Honestly if they’re not paying for anything in the community anyway why do we care whether or not they stay?
I’m tired of 0.1% courting and worshipping that people do.
Massachusetts implemented a 4% millionaire tax in 2022 and a small capital gains tax. The results?
- extra $3b in tax revenue, extra $1.3b with the capital gains changed.
- passed a $2.5 billion infrastructure & education bill
- millionaires in Massachusetts actually grew because of the economic expansion
- collective wealth of the people in the state went up by 40% two years after it passed
It’s proven that it works. We just need policies that benefit people and not just the rich.
Some of the sources:
https://www.axios.com/local/boston/2025/04/29/millionaires-massachusetts-income-surtax-increase
But then how will Musk et al ever become trillionaires if they are taxed accordingly? /s
Worth remembering: the “they’ll leave” line gets used for any reform—so it’s healthier to ask for data and design policy around outcomes, not threats.

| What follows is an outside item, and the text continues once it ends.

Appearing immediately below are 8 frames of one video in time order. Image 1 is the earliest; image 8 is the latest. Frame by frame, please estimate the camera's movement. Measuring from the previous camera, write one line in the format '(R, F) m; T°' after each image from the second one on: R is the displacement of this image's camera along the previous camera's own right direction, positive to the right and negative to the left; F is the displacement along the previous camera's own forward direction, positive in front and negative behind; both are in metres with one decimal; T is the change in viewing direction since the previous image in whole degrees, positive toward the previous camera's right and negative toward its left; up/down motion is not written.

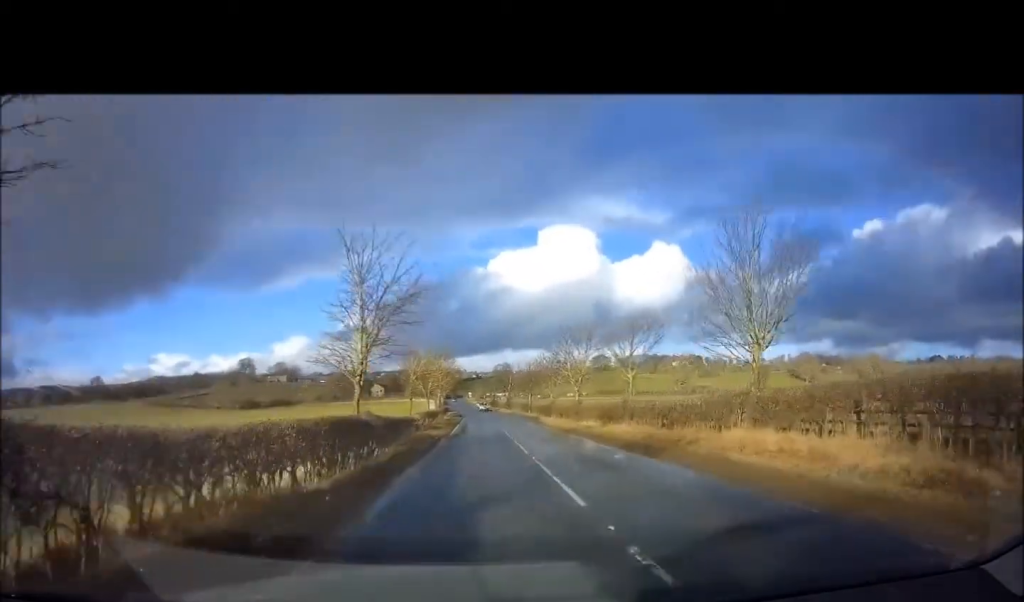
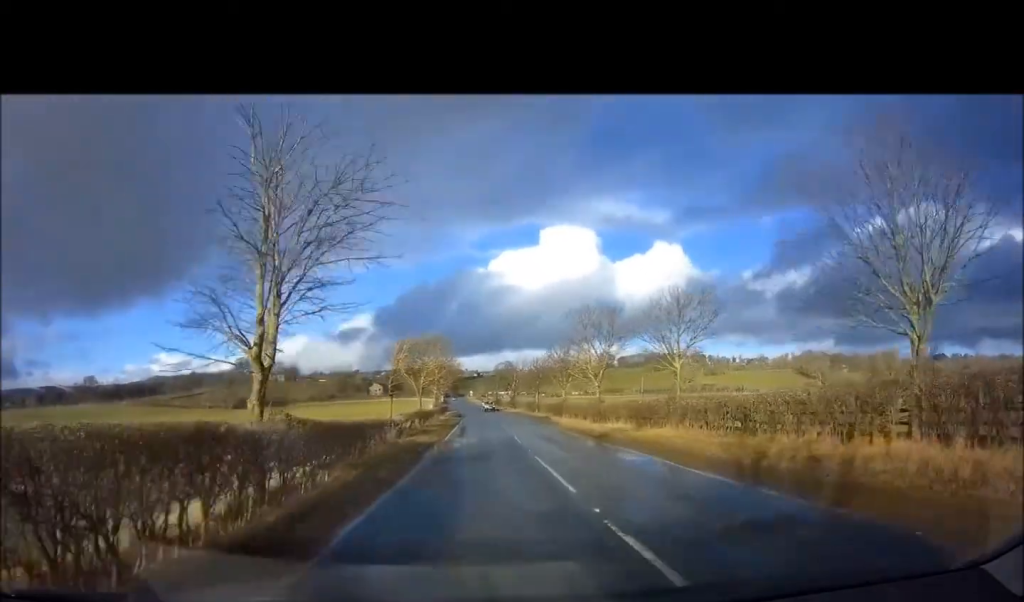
(+0.1, +7.8) m; +1°
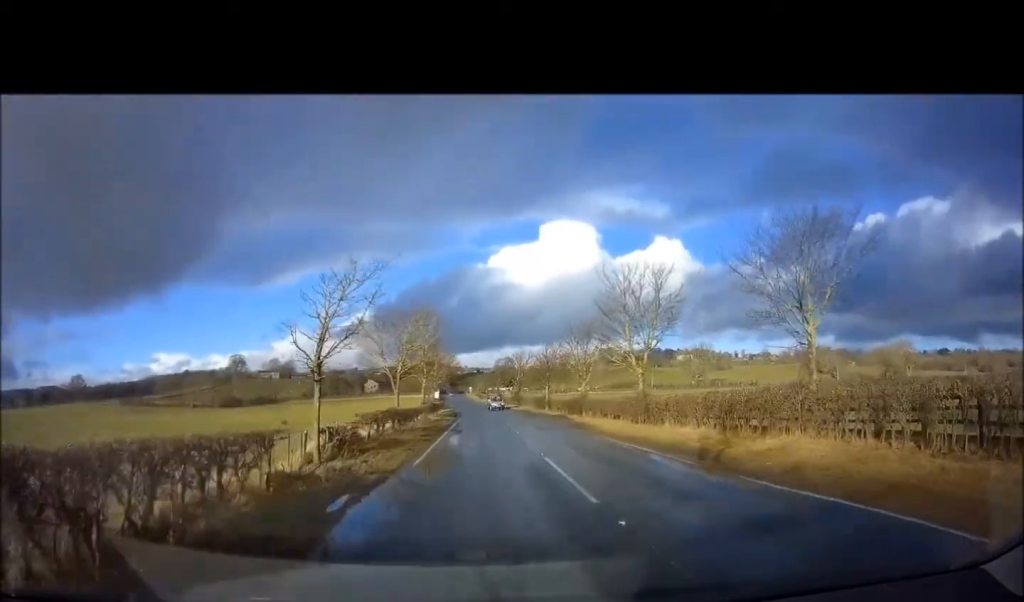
(0.0, +11.1) m; 0°
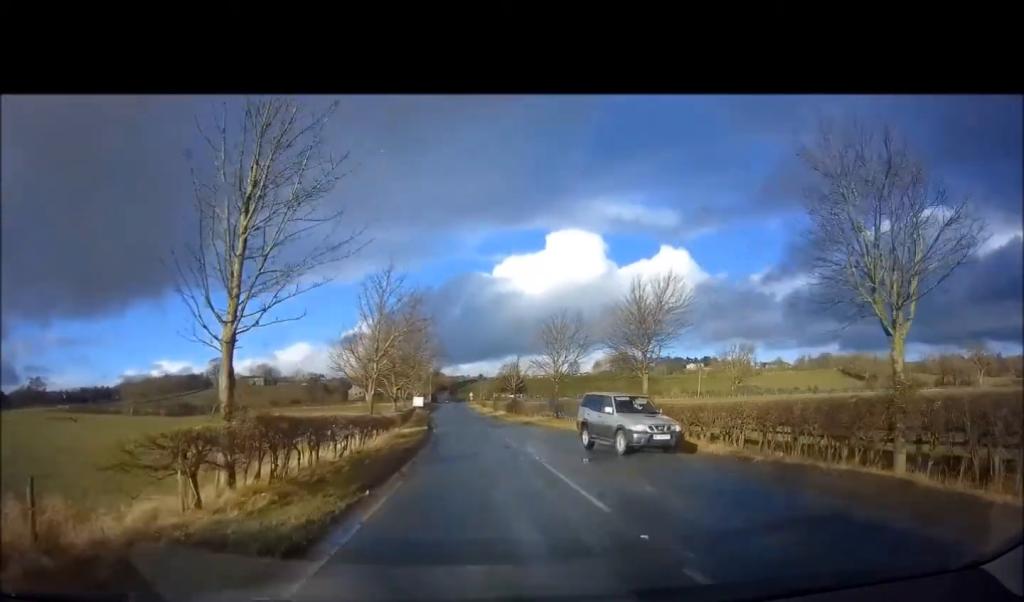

- Billionaires and millionaires want to live in safe places. Guess where it is safe? Where the general public has a good relative wealth. Guess what taxes causes…
I already bought it, you don’t need to keep selling it to me.
Good riddance. The perfect analogy is removing a brain cancer.
5 - You’re running cover for pedophiles when you say this.
That would be unconstitutional. Violation of freedom of movement.
No one is stopping them from moving, just pay the taxes they owe.